Interference Management for Heterogeneous Networks
» Mehdi Bennis | University of Oulu, Finland
» Dusit Niyato | Nanyang Technological University, Singapore
As the spectral efficiency of a point-to-point link in legacy cellular networks approaches its theoretical limits, network densi_cation is deemed instrumental to further boost network capacity whereby challenges associated with macrocell deployment can be overcome by the utilization of low power base stations. A network that consists of a mix of macro cells and low-power nodes such as femto cells, pico cells and relays, is referred to as a heterogeneous networks (HetNets). While heterogeneous networks are poised to take the spectral efficiency to a whole new level, a gamut of technical challenges need to be tackled before making their deployment feasible. In this tutorial, first an overview of heterogenous cellular networks along with their benefits and challenges is presented. Second, interference management techniques which are critical for Long-Term Evolution (LTE/LTE-Advanced) heterogeneous deployments are presented in greater detail including concepts such as cell range expansion, cell biasing, cell selection, adaptive resource partitioning, smart relaying and self-organizing networks (SONs). Third, due to the unplanned deployment of small cells, traditional network planning and optimization becomes inefficient since operators do not know the number nor the location of these cells. This motivates the need for novel decentralized interference avoidance schemes that operate independently in each tier based only local information, while achieving an efficient network performance. In addition, with the advent of heterogenous networks, current hexagonal base station models are becoming fairly obsolete and hence new spatial and random statistical models are required. These models provide a tractable and powerful framework for computing network performance metrics such as coverage probability and spectral efficiency, as well as curtailing cumbersome Monte-Carlo simulations.
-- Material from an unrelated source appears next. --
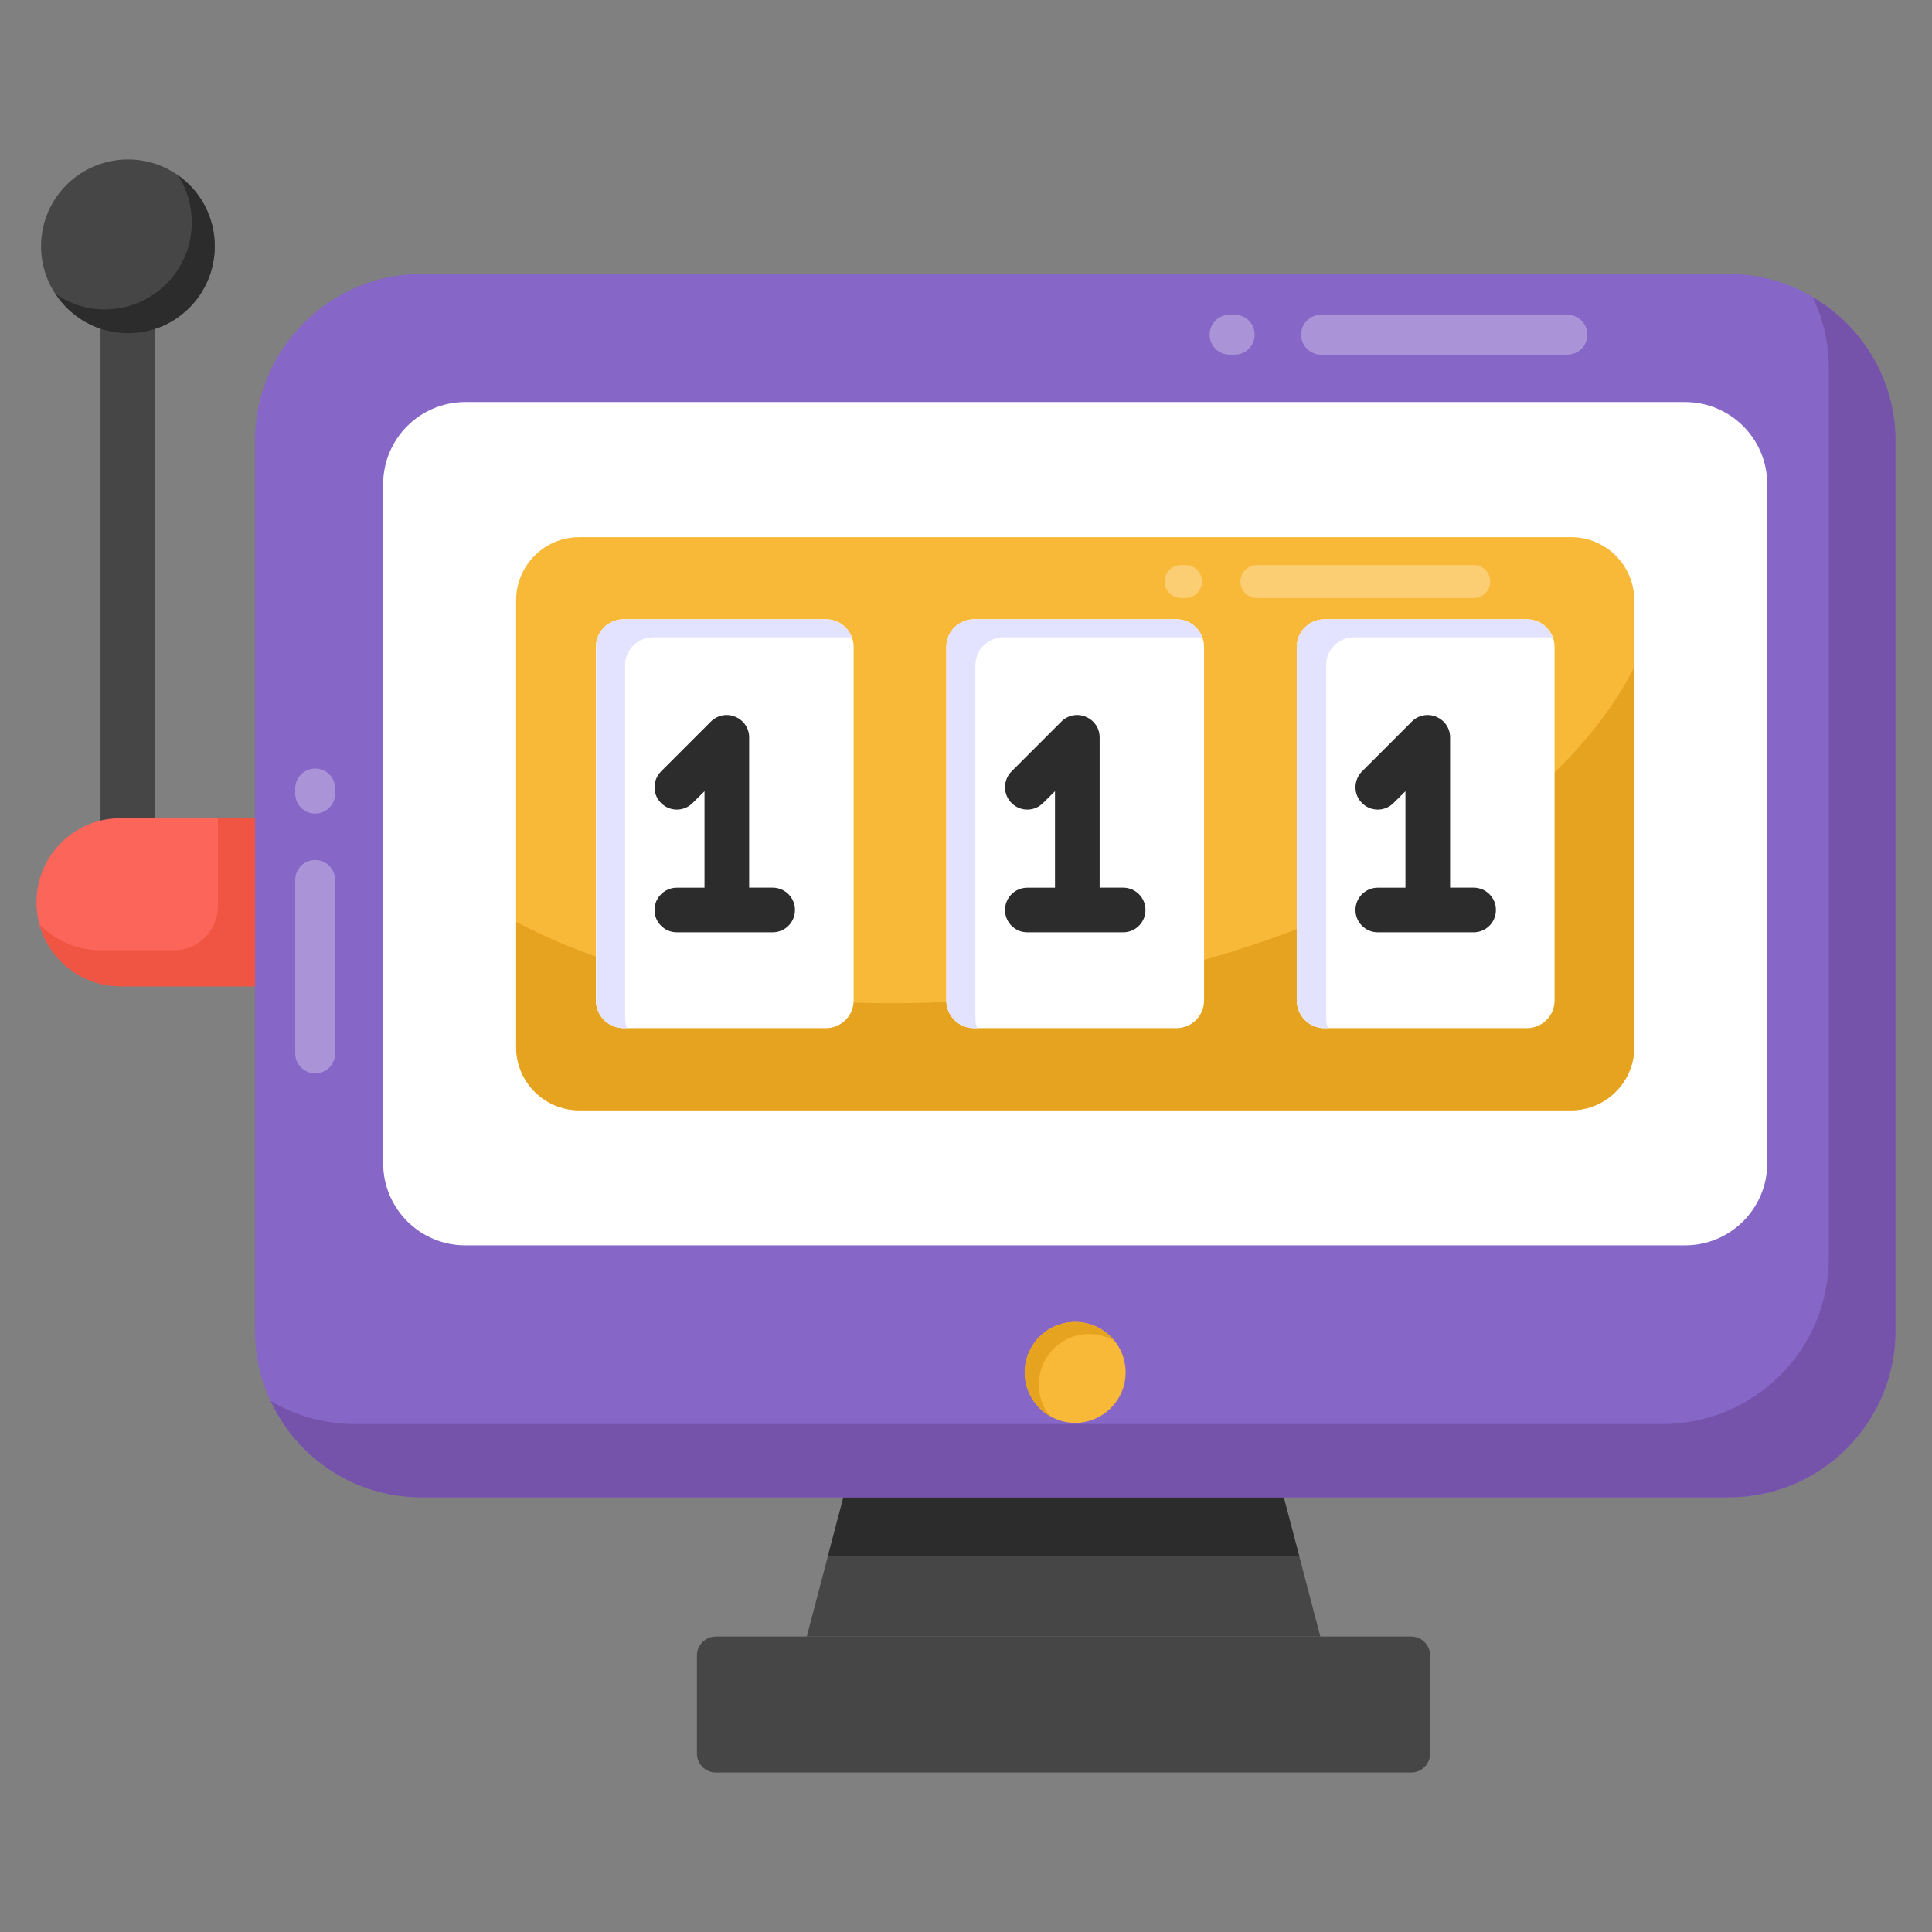 <svg id="Layer_1" enable-background="new 0 0 53 53" height="512" viewBox="0 0 53 53" width="512" xmlns="http://www.w3.org/2000/svg"><rect x="0" y="0" width="53" height="53" fill="#808080" stroke="none"/><g id="_x32_0"><g><g><path d="m36.22 44.894h-14.088l.577-2.196.932-3.535h11.071l.932 3.535z" fill="#474646"/></g><g><path d="m35.643 42.697h-12.934l.932-3.535h11.071z" fill="#2d2c2c"/></g><g><path d="m39.233 48.104v-2.688c0-.288-.233-.521-.521-.521h-19.073c-.288 0-.521.233-.521.521v2.688c0 .288.233.521.521.521h19.073c.288 0 .521-.233.521-.521z" fill="#474646"/></g><g><path d="m51.995 12.09v24.418c0 2.523-2.045 4.567-4.567 4.567h-35.865c-2.523 0-4.568-2.045-4.568-4.568v-24.425c0-2.512 2.055-4.567 4.567-4.567h35.858c2.516 0 4.575 2.059 4.575 4.575z" fill="#8666c6"/></g><g><path d="m51.999 12.086v24.42c0 2.52-2.05 4.57-4.57 4.57h-35.87c-1.83 0-3.41-1.08-4.13-2.64.68.4 1.47.63 2.31.63h35.86c2.53 0 4.57-2.04 4.57-4.56v-24.42c0-.69-.16-1.35-.44-1.93 1.36.79 2.27 2.26 2.27 3.93z" fill="#7553aa"/></g><g><path d="m48.48 13.283v18.627c0 1.244-1.009 2.253-2.253 2.253h-33.463c-1.244 0-2.253-1.009-2.253-2.253v-18.627c0-1.244 1.009-2.253 2.253-2.253h33.463c1.244-0 2.253 1.009 2.253 2.253z" fill="#fff"/></g><g><path d="m30.879 37.651c0 .761-.619 1.381-1.386 1.381-.761 0-1.381-.619-1.381-1.381 0-.767.619-1.386 1.381-1.386.767 0 1.386.619 1.386 1.386z" fill="#f9b938"/></g><g><path d="m30.569 36.786c-.2-.12-.44-.19-.69-.19-.77 0-1.38.62-1.38 1.39 0 .32.11.62.3.86-.41-.24-.69-.68-.69-1.19 0-.77.62-1.39 1.38-1.39.44 0 .83.2 1.08.52z" fill="#e5a320"/></g><g><g><path d="m44.833 16.469v12.255c0 .957-.776 1.733-1.733 1.733h-27.209c-.957 0-1.733-.776-1.733-1.733v-12.255c0-.957.776-1.733 1.733-1.733h27.209c.957-0 1.733.776 1.733 1.733z" fill="#f9b938"/></g><g><path d="m44.831 18.303v10.419c0 .959-.777 1.736-1.726 1.736h-27.218c-.949 0-1.726-.777-1.726-1.736v-3.433c3.644 1.938 9.046 2.746 14.841 1.898 7.602-1.111 13.73-4.725 15.83-8.884z" fill="#e5a320"/></g><g><path d="m16.346 27.446v-9.699c0-.419.34-.759.759-.759h5.553c.419 0 .759.34.759.759v9.699c0 .419-.34.759-.759.759h-5.553c-.419 0-.759-.34-.759-.759z" fill="#fff"/></g><g><path d="m25.96 27.446v-9.699c0-.419.34-.759.759-.759h5.553c.419 0 .759.34.759.759v9.699c0 .419-.34.759-.759.759h-5.553c-.419 0-.759-.34-.759-.759z" fill="#fff"/></g><g><path d="m35.575 27.446v-9.699c0-.419.34-.759.759-.759h5.553c.419 0 .759.34.759.759v9.699c0 .419-.34.759-.759.759h-5.553c-.419 0-.759-.34-.759-.759z" fill="#fff"/></g><g><path d="m23.367 17.485h-5.462c-.414 0-.757.343-.757.757v9.702c0 .091.02.182.051.262h-.091c-.424 0-.757-.343-.757-.757v-9.702c0-.424.333-.757.757-.757h5.553c.323 0 .606.202.707.495z" fill="#e4e3ff"/></g><g><path d="m32.978 17.485h-5.462c-.414 0-.757.343-.757.757v9.702c0 .091.02.182.051.262h-.091c-.424 0-.757-.343-.757-.757v-9.702c0-.424.333-.757.757-.757h5.553c.333 0 .606.202.707.495z" fill="#e4e3ff"/></g><g><path d="m42.59 17.485h-5.452c-.424 0-.757.343-.757.757v9.702c0 .091.02.182.05.262h-.101c-.414 0-.757-.343-.757-.757v-9.702c0-.424.343-.757.757-.757h5.553c.333 0 .606.202.707.495z" fill="#e4e3ff"/></g><g><path d="m21.808 24.964c0 .339-.274.612-.612.612h-2.629c-.339 0-.612-.274-.612-.612 0-.339.274-.612.612-.612h.759v-2.646l-.327.323c-.237.241-.625.241-.866 0-.237-.237-.237-.625 0-.866l1.368-1.368c.176-.176.441-.229.67-.131.229.094.38.314.38.563v4.124h.645c.339 0 .612.274.612.612z" fill="#2d2c2c"/></g><g><path d="m31.423 24.964c0 .339-.274.612-.612.612h-2.629c-.339 0-.612-.274-.612-.612 0-.339.274-.612.612-.612h.759v-2.646l-.327.323c-.237.241-.625.241-.866 0-.237-.237-.237-.625 0-.866l1.368-1.368c.176-.176.441-.229.67-.131.229.094.38.314.38.563v4.124h.645c.339 0 .612.274.612.612z" fill="#2d2c2c"/></g><g><path d="m41.037 24.964c0 .339-.274.612-.612.612h-2.629c-.339 0-.612-.274-.612-.612 0-.339.274-.612.612-.612h.759v-2.646l-.327.323c-.237.241-.625.241-.866 0-.237-.237-.237-.625 0-.866l1.368-1.368c.176-.176.441-.229.67-.131.229.094.38.314.38.563v4.124h.645c.339 0 .612.274.612.612z" fill="#2d2c2c"/></g></g><g><g><path d="m2.757 6.788h1.5v18.197h-1.5z" fill="#474646"/></g><g><path d="m5.892 6.758c0 1.311-1.063 2.384-2.383 2.384-1.311 0-2.383-1.073-2.383-2.384 0-1.321 1.072-2.383 2.383-2.383 1.321-0 2.383 1.063 2.383 2.383z" fill="#474646"/></g><g><path d="m5.89 6.76c0 1.307-1.057 2.381-2.381 2.381-.831 0-1.566-.436-1.985-1.081.387.274.847.428 1.348.428 1.324 0 2.389-1.073 2.389-2.381 0-.476-.137-.928-.379-1.299.613.428 1.009 1.138 1.009 1.953z" fill="#2d2c2c"/></g><g><path d="m1.001 24.75v0c0 1.273 1.032 2.305 2.305 2.305h3.691v-4.61h-3.691c-1.273 0-2.305 1.032-2.305 2.305z" fill="#fc6559"/></g><g><path d="m1.085 25.361c.264.98 1.159 1.697 2.225 1.697h3.686v-4.61h-1.018v2.413c0 .667-.54 1.207-1.207 1.207h-2.017c-.65-0-1.244-.273-1.669-.707z" fill="#f05543"/></g></g></g><g><g opacity=".3"><g><path d="m8.099 28.899v-4.76c0-.302.245-.547.547-.547.302 0 .547.245.547.547v4.76c0 .302-.245.547-.547.547-.302-0-.547-.245-.547-.547z" fill="#fff"/></g></g><g opacity=".3"><g><path d="m8.099 21.772v-.142c0-.302.245-.547.547-.547.302 0 .547.245.547.547v.142c0 .302-.245.547-.547.547-.302-0-.547-.245-.547-.547z" fill="#fff"/></g></g></g><g><g opacity=".3"><g><path d="m42.999 9.729h-6.76c-.302 0-.547-.245-.547-.547 0-.302.245-.547.547-.547h6.76c.302 0 .547.245.547.547 0 .302-.245.547-.547.547z" fill="#fff"/></g></g><g opacity=".3"><g><path d="m33.872 9.729h-.142c-.302 0-.547-.245-.547-.547 0-.302.245-.547.547-.547h.142c.302 0 .547.245.547.547 0 .302-.245.547-.547.547z" fill="#fff"/></g></g></g><g><g opacity=".3"><g><path d="m40.428 16.406h-5.946c-.251 0-.453-.203-.453-.453s.203-.453.453-.453h5.946c.251 0 .453.203.453.453s-.203.453-.453.453z" fill="#fff"/></g></g><g opacity=".3"><g><path d="m32.519 16.406h-.117c-.251 0-.453-.203-.453-.453s.203-.453.453-.453h.117c.251 0 .453.203.453.453s-.203.453-.453.453z" fill="#fff"/></g></g></g></g></svg>

Dr. Mehdi Bennis received his M.Sc. degree in Electrical Engineering jointly from the Ecole Polytechnique Federale de Lausanne (EPFL), Switzerland and the Eurecom Institute, Sophia Antipolis, France in 2002. From 2002 to 2004, he worked as a research engineer at IMRA-EUROPE investigating adaptive equalization algorithms for mobile digital TV. In 2004, he joined the Centre for Wireless Communications (CWC) at the University of Oulu, Finland as a research scientist. In 2008, he was a visiting researcher at the Alcatel-Lucent chair on flexible radio, SUPELEC. He obtained his PhD in December 2009 on spectrum sharing for future mobile cellular systems. He is currently managing the Broadband Evolved FEMTO (FP7-BeFEMTO) project at the University of Oulu. His main research interests are in radio resource management, heterogeneous networks, game theory, and machine learning in the context of broadband wireless communications. Mehdi has published more than 50 research papers in international conferences, journals and book chapters. He is also co-chair of the 1st international workshop on small cell wireless networks (SmallNets) in conjunction with ICC 2012, and 2nd workshop on cooperative heterogeneous networks (coHetNet) in conjunction with ICCCN 2012.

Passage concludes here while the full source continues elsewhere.